First, let's do one dimensional case.
The work that a force is doing when that force is moving from point A to
point B, one dimensional, here is point A and here is point B, and the
force is along that direction or you go in this
direction or in this direction.
But it's completely one dimensional.
That work is the integral in going from A to B of that force, dx.
If I call that the x-axis.
The unit of work you can see is newton meters.
So work is newton meters, for which we call that joule.
If there's more than one force in this direction, you have to add these
forces in this direction vectorially and then this is the work that the
forces do together.
Work is a scalar.
So this can be larger than 0, it can be 0, or it can be smaller than 0.
If the force and the direction in which it moves, in an opposite
direction, then it is smaller than 0.
If they're in the same direction, either this way or that way, then the
work is larger than 0.
F = ma, so therefore I can also write for this m * dv / dt.
And I can write down for dx, I can write down, v * dt.
I substitute that in there.
So the work in going from A to B is the integral from A to B times the
force which is m * dv / dt d x, which is v * dt.
And look what I can do.
I can eliminate time.
And I can now go to a integral over velocity.

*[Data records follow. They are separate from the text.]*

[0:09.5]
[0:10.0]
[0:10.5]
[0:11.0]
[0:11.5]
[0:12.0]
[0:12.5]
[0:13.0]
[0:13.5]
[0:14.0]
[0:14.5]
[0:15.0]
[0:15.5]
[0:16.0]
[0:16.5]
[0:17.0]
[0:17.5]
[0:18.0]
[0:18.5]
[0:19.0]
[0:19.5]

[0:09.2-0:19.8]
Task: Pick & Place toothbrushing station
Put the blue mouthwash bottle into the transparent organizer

Velocity a to the velocity b.
And I get m times v times dv.
That's a very easy integral.
That is 1/2 * m * v^2, which I have to evaluate between v_A and v_B.

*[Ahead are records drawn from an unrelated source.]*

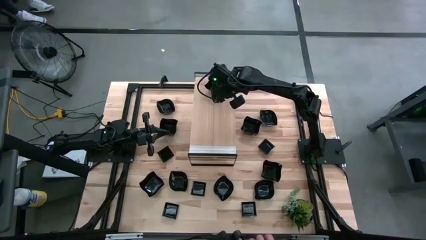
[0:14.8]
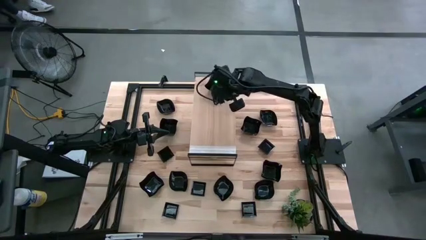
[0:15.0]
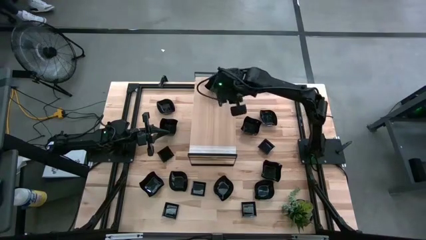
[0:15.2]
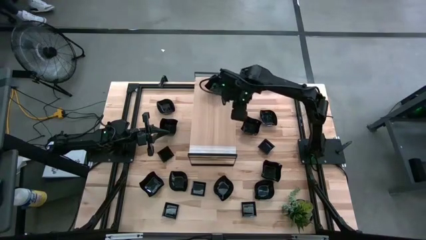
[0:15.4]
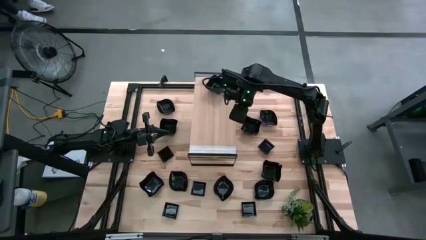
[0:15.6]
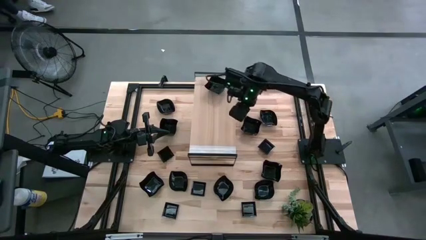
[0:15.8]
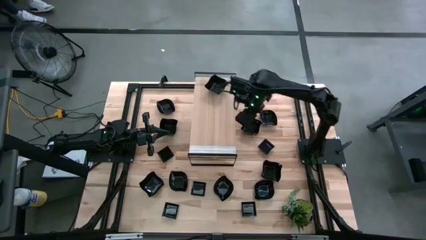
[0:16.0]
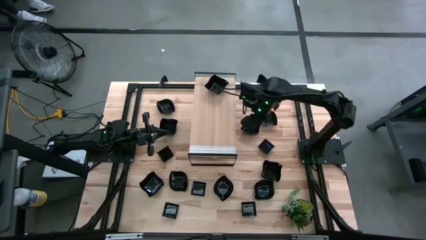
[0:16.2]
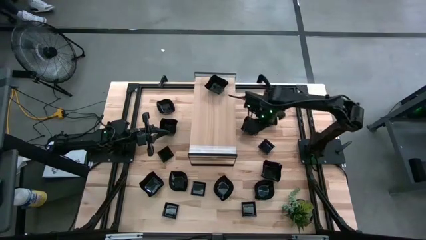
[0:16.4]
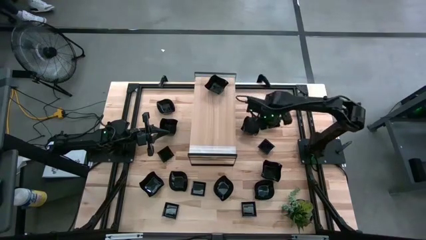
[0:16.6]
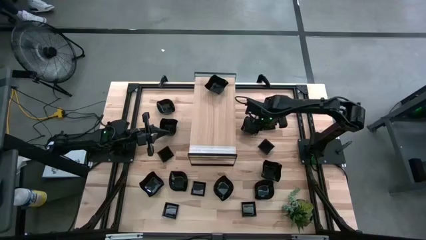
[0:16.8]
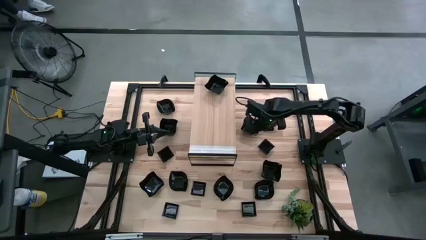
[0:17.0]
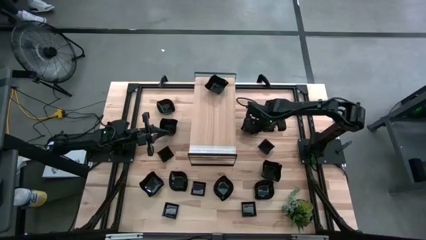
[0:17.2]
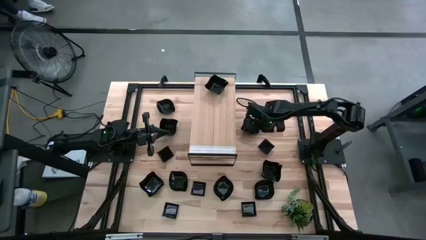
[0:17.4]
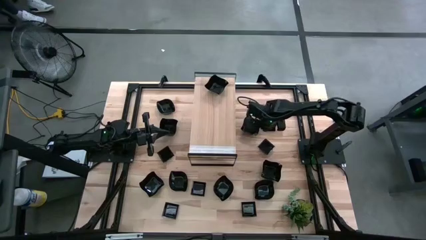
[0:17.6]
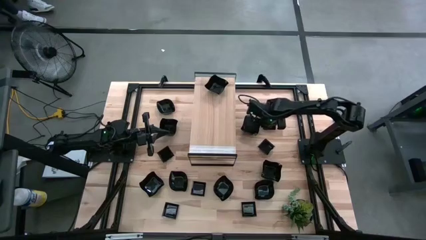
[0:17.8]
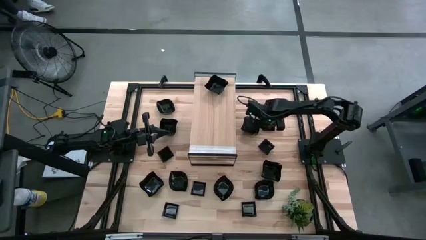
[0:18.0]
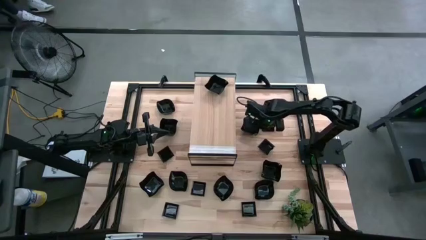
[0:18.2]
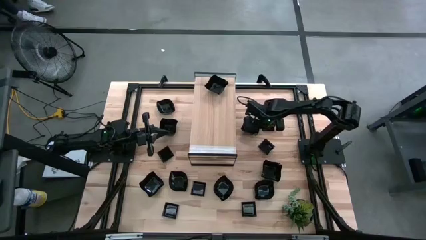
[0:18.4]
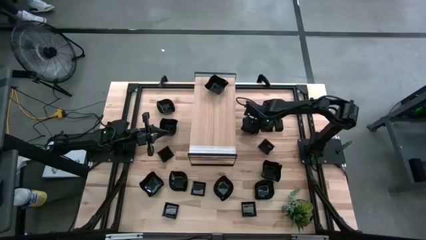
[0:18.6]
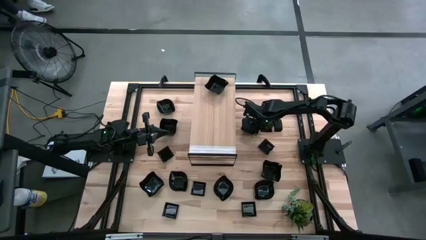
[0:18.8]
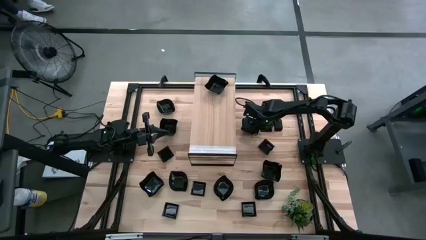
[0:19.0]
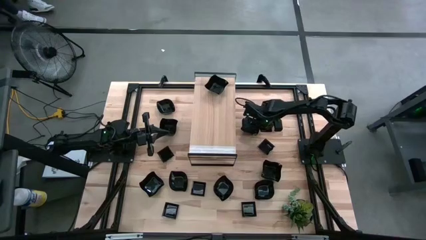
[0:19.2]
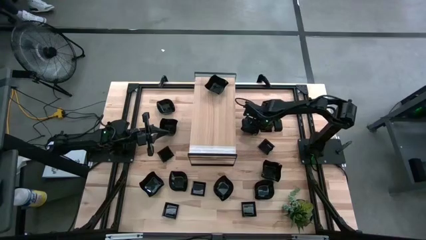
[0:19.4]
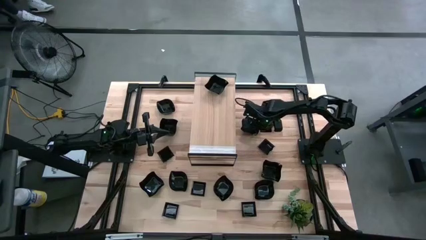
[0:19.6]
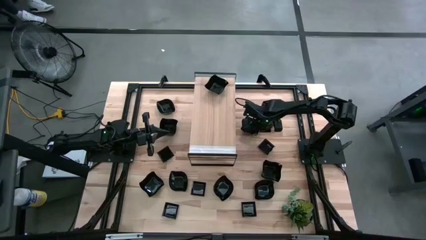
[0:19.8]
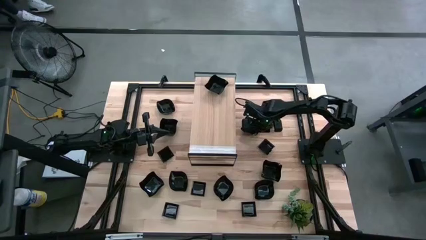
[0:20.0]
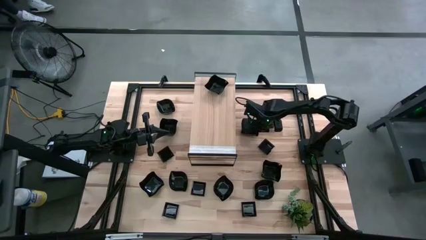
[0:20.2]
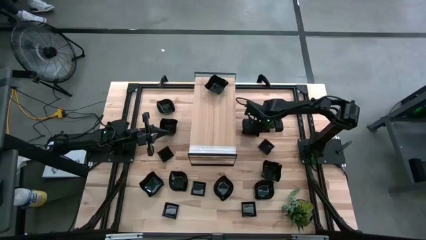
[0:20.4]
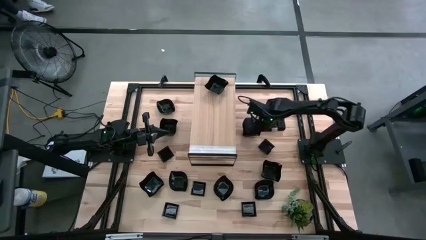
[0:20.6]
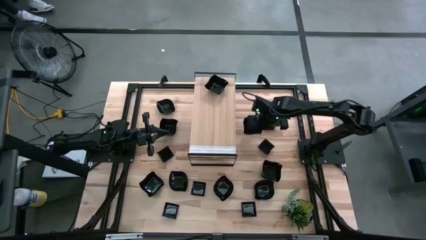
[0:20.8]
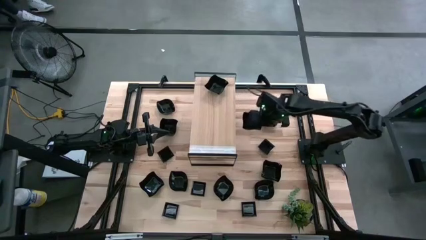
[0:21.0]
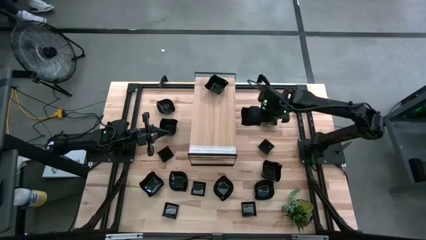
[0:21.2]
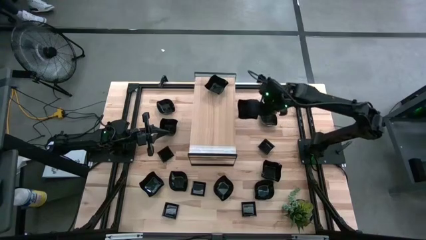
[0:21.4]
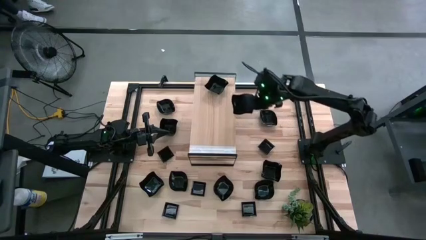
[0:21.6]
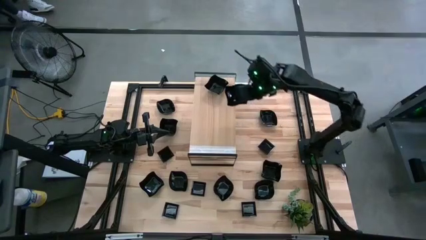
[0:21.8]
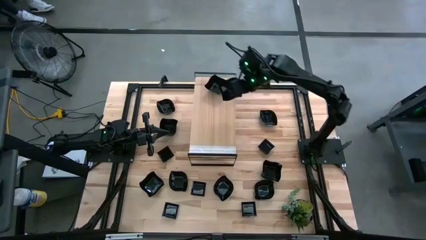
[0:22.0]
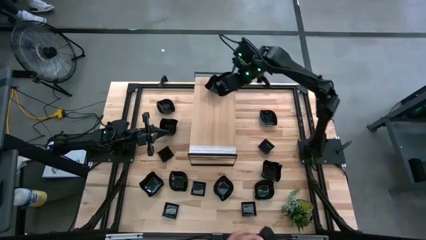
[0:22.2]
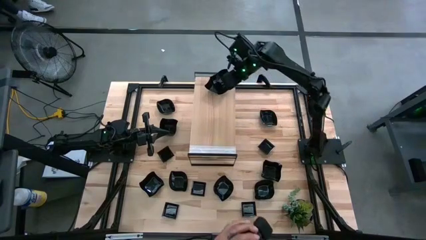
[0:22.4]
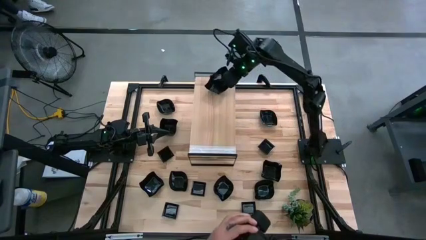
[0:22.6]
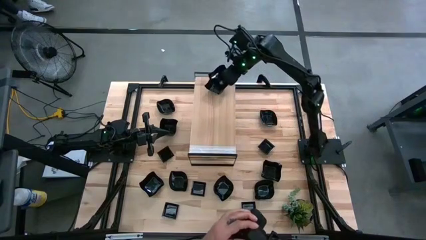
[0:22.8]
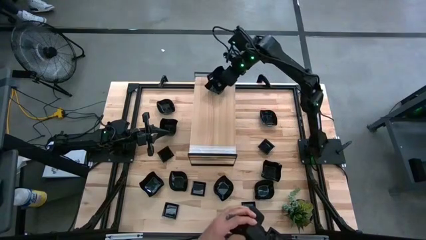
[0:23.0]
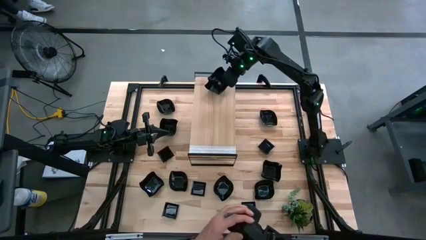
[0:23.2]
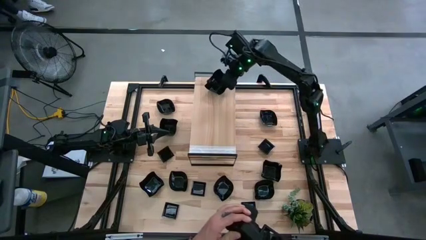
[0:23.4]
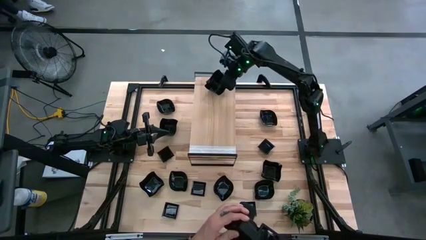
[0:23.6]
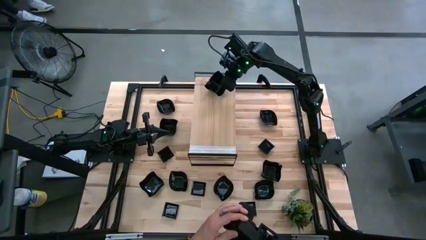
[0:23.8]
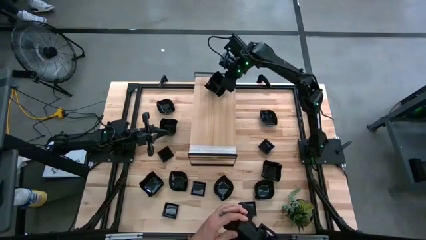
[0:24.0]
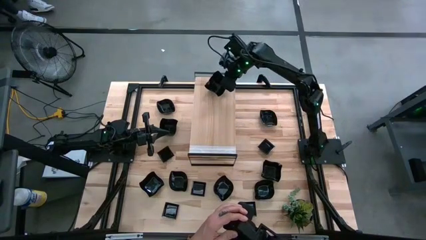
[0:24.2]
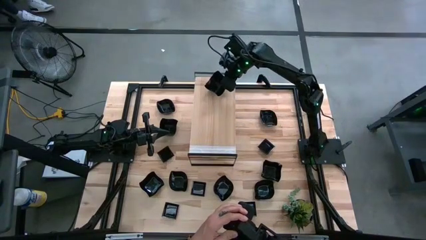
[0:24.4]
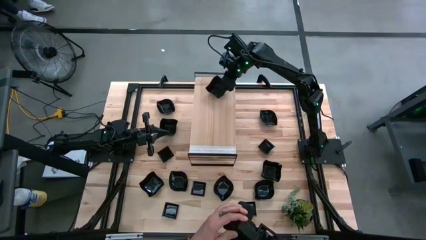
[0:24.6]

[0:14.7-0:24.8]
Task: Pick & Place Mini shaped plates
Stack the distorted square plate on top of the distorted square plate on the shelf

And that is 1/2 m * v_b^2 - 1/2 m * v_a^2.
1/2 * m * v^2 is what we call in physics kinetic energy.
Sometimes we write just a K for that.
It's the energy of motion.
And so the work that is done when a force moves from A to B is the kinetic
energy in point B, you see that here, minus the kinetic energy in point A.
And this is called the work energy theorem.
If the work is positive, then the kinetic energy increases when you go
from A to B. If the work is smaller than 0, then the work-- then the
kinetic energy decreases.
If the work is 0 then there is no change in kinetic energy.